EventEmitted byDescription
job_startedWorkerJob claim succeeded, execution beginning
job_completedWorkerAll actions finished successfully
job_failedWorkerJob reached terminal failure
job_crashedWorkerUnhandled exception during execution
table_cache_syncedAPI / TableCacheSyncWorkerTable cache refreshed from catalog
executor_startedWorkerSpark query engine connected
health_sync_startedHealth SyncHealth sync cycle beginning
health_sync_discoveredHealth SyncTables discovered from catalog
health_sync_collectedHealth SyncStatus and health data collected for tables
health_sync_pg_writtenHealth SyncStatus snapshots and health assessments persisted to Postgres

Grafana dashboard and alerts

Icepack owns its operational dashboard source in monitoring/dashboards/icepack-operational-overview.json. Grafana Git Sync publishes that dashboard from the repository; dashboard publication is separate from alert rule publication. Grafana Git Sync is folder-scoped in this stack, so the repository’s spec.title creates a dedicated provisioned folder named Data Platform (git sync).

Icepack also owns the Grafana Git Sync repository resource in monitoring/grafana/icepack-repository.yaml. The resource points Grafana at the Icepack repository’s monitoring/dashboards path and references the existing Grafana GitHub App connection. It is published by .github/workflows/publish-grafana-monitoring.yml using the fetch-rewards/grafana-resource-provisioner-action wrapper around gcx.

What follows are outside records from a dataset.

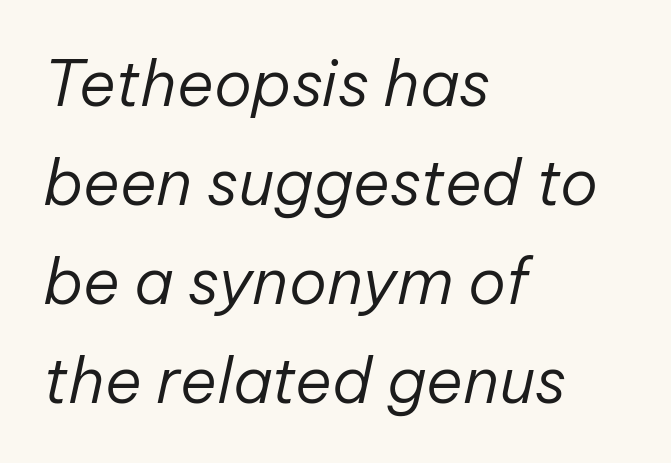
Looks like regular typesetting: each glyph gets only the width it needs. Only glyphs here, with clear space below each row. The typeface has the unassuming heft of standard copy or less. A classic flush-left, rag-right setting is used for this passage.
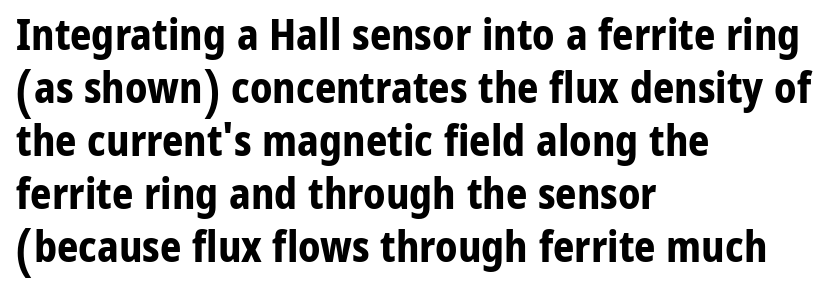
{"serif": "no", "italic": "no", "bold": "yes", "weight": "bold", "width": "normal", "stroke_contrast": "low", "x_height": "medium", "monospaced": "no", "underline": "no", "align": "left", "line_spacing": "normal", "line_spacing_ratio": 1.26, "letter_spacing": "normal", "letter_spacing_em": 0.0, "glyph_px": 42}
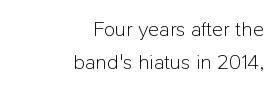
The image shows 21 px text type, upright; set right-aligned, normal line spacing (1.59x), normal letter spacing, not underlined.
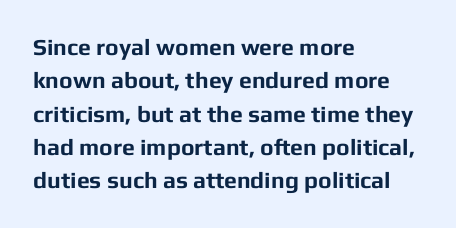
Every letter is thick-stroked: bold, no question. The space directly below the letters is spotless. How would I describe the line gaps? Plain and ordinary. A classic flush-left, rag-right setting is used for this passage. The specimen reads as upright at a glance.
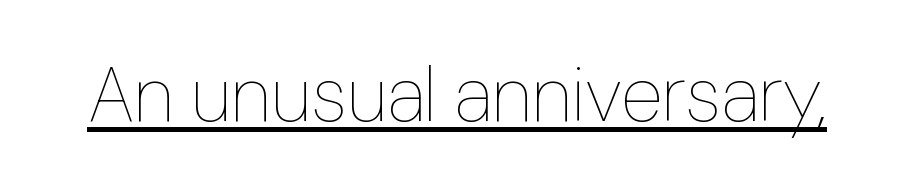
Q: Is the text bold? A: No.
Q: Is the text italic (slanted)? A: No, it is upright.
Q: Is the text underlined? A: Yes.
Q: Is the spacing between letters normal or unusually wide? A: Normal.
Q: Width (condensed, normal, or wide)? A: Normal.
Q: Stroke contrast? A: Low.
Q: x-height? A: Medium.
Q: Monospaced? A: No.
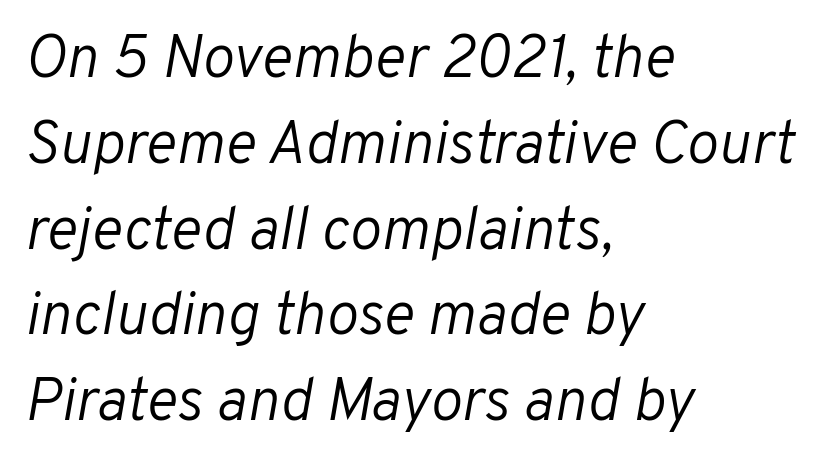
The rendering keeps characters at their native spacing. It's the slanting kind of type. The face used here is proportionally spaced, like ordinary book or web type. Regarding leading, the lines here are spaced in the standard way.
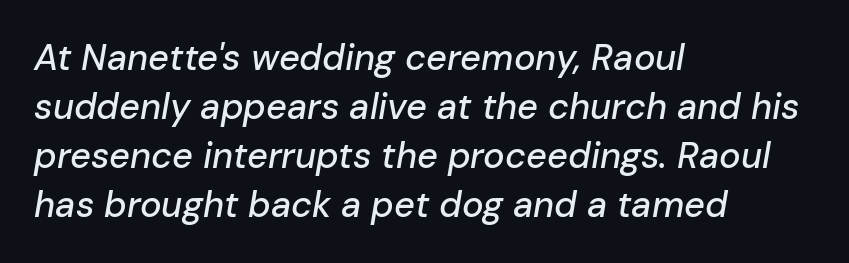
Q: Is the text italic (slanted)? A: Yes, it leans right by about 10 degrees.
Q: Is the text underlined? A: No.
Q: How is the paragraph aligned? A: Left-aligned.
Q: Is the spacing between letters normal or unusually wide? A: Normal.
Q: Is the spacing between lines tight, normal or loose? A: Normal.
Q: Width (condensed, normal, or wide)? A: Normal.
Q: Stroke contrast? A: Low.
Q: x-height? A: Medium.
Q: Monospaced? A: No.
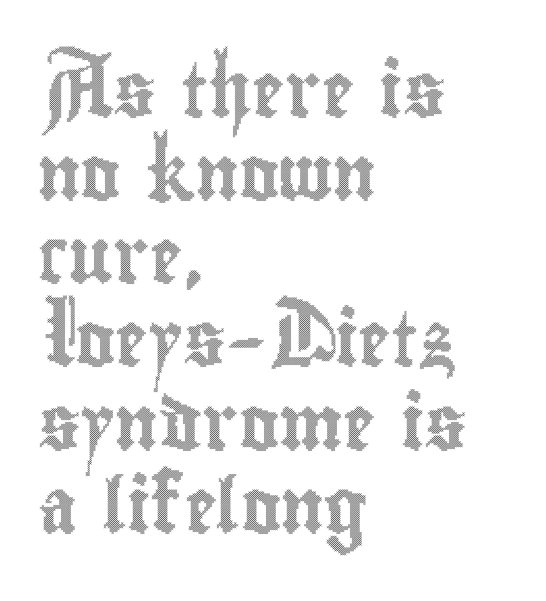
Q: Is the text italic (slanted)? A: No, it is upright.
Q: Is the text underlined? A: No.
Q: How is the paragraph aligned? A: Left-aligned.
Q: Is the spacing between letters normal or unusually wide? A: Normal.
Q: Is the spacing between lines tight, normal or loose? A: Normal.
Q: Width (condensed, normal, or wide)? A: Condensed.
Q: x-height? A: Small.
Q: Monospaced? A: No.
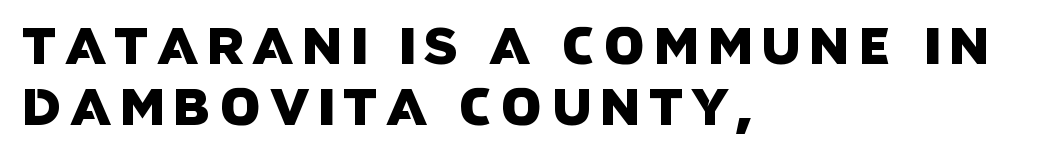
{"serif": "no", "width": "normal", "stroke_contrast": "low", "x_height": "large", "monospaced": "no", "underline": "no", "align": "left", "line_spacing_ratio": 1.18, "glyph_px": 52}

Icepack owns OaaSis alert rules in monitoring/oaasis/monitoring.yml. The manifest is uploaded by .github/workflows/publish-oaasis-monitoring.yml using the explicit OaaSis path-to-monitoring-manifest input because the manifest is kept under monitoring/ rather than at the repository root.

Initial DL-505 alerts are Slack-only to #lakehouse-alerts and filter environment="prod".